Tuesday, February 27

istana!

the chinese new year reception over at the istana lawn was fantastic!
it must be of that standard as the ministers were there.
good tasty food and good speech by the prime minister.

the invitation card.




i was really nervous as i walked alone towards the istana main gate.
i was shivering.
and my heart felt as if it was going to come out of my chest.
the security were really tight.
maybe i felt what i felt because whenever you walked pass those security, they would observed you from head to toe, as if you're a suspicious being.

i thought i was going to be relaxed when i've reached the lawn area.
when i saw the huge red and white tentage, lots of tables and chairs,
i knew i was in trouble.
i don't know where to sit.
it was free seating.
and those people from my cc wasn't there yet.
on a particular table,
i saw 2 ladies in tudung and i head to them.
introduced myself and i found myself a seat.
my table was a mixture of 4 principals and 6 grassroots leaders.
i had a good time interacting.
i think i was the only student there.
all are working adults.
nevertheless, i don't feel neglected.

the food for the muslims.


i tell you,
the istana has a very nice view.
you can see buildings that is brightly lighted.


it was a great experience mingling with such people on such occasion.

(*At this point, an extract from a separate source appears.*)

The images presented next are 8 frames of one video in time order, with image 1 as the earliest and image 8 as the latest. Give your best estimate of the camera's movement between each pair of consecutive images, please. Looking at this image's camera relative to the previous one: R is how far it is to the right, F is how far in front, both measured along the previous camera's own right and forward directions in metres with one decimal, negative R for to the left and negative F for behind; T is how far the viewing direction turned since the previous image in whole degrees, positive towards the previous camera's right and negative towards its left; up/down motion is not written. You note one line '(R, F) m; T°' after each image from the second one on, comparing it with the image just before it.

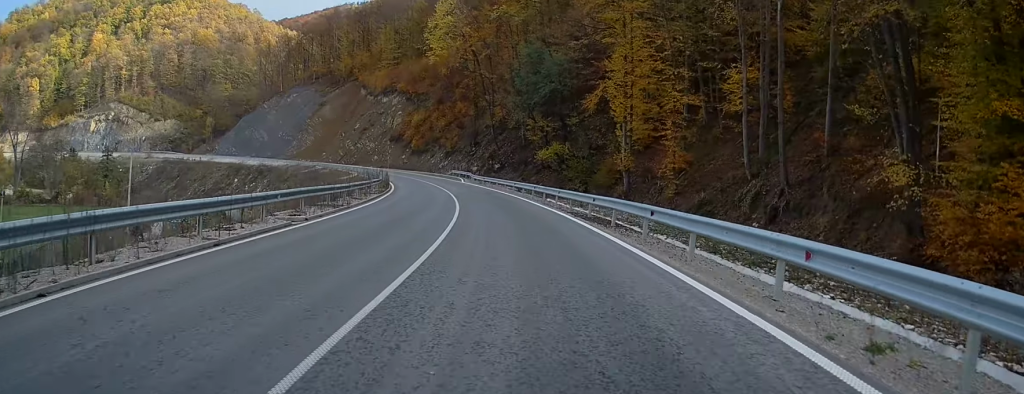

my boyfriend sent me home with some detours for supper.
thanks sweetheart.

i'm reading a book about traditional chinese ladies who had their feet bind.
when i finish reading it, i'll quote from the book on how it is done.
they bind their feet till it's 7 cm, about the length of your thumb.
imagine that.

why do my hair keep falling out?
stress?
wrong shampoo?
i don't want to go bald.
haha.

next week is d&d!
i've got my gown and he got his suit.
and i'm still thinking how am i going to do my hair, what flower and colour for the corsage, etc.
i'm excited to dance with him.
hahaha.

gonna continue with the book.
take care readers!

Monday, February 26

chinese new year

sunday morning,
had a chinese new year celebration over at nanyang cc.
it was free lunch for grassroots leaders and senior citizens
and i've received an hong bao.
haha.

did the 'lo hei'.

i ate it only one bite and....
i'm not eating it anymore.

initially, our plans was to go kite flying.
but it was cancel as his mom asked me along to visit his granduncle house for cny.
fyi,
both of our grandmother are chinese and are raised by a malay family.
the visit was good.
of course, i received the hong bao.
hee.

afterwhich we head to changi airport for popeyes!
honey, switzerland one day?

on the way back, we saw a lot of traffic police.
well, we are not bothered by them but kinda curious.
our curiosity died after we went to the wonderful rooftop garden at marina south pier.
lying on his lap, breathing in the sea breeze, watching the sky up above me just brings me tranquility.
the sight of the half moon and many little twinkling stars was breathtaking.
afterwhich a "boom, boom" came.
it was the fireworks!
simply marvellous!
they were really stunning!!

98% was spent laughing in the car.
laughing at each other.
we were dancing, singing-a-long and being stupid.

boy, we were so silly and having so much fun!
and as usual, someone sang for me.
i love your companionship sweetheart.

yesterday was great.
thanks honey.

reading through my last few entries,
without fail,
there's him, him, him.
one conclusion: being in love with the right one is the best thing that ever happened to me.

Sunday, February 25

hello!

hello readers!
please excuse my absence.
i've been enjoying my past few days.
i feel free as a bird eversince i'm done with attachment.
the presentation went on well.
the trip was awesome.
catching up with friends was fun.
sentosa flowers in bloom was alrite.
wee hours of the 24th morning was magical.
and of course, having my boyfriend with me almost every day is just fantastic!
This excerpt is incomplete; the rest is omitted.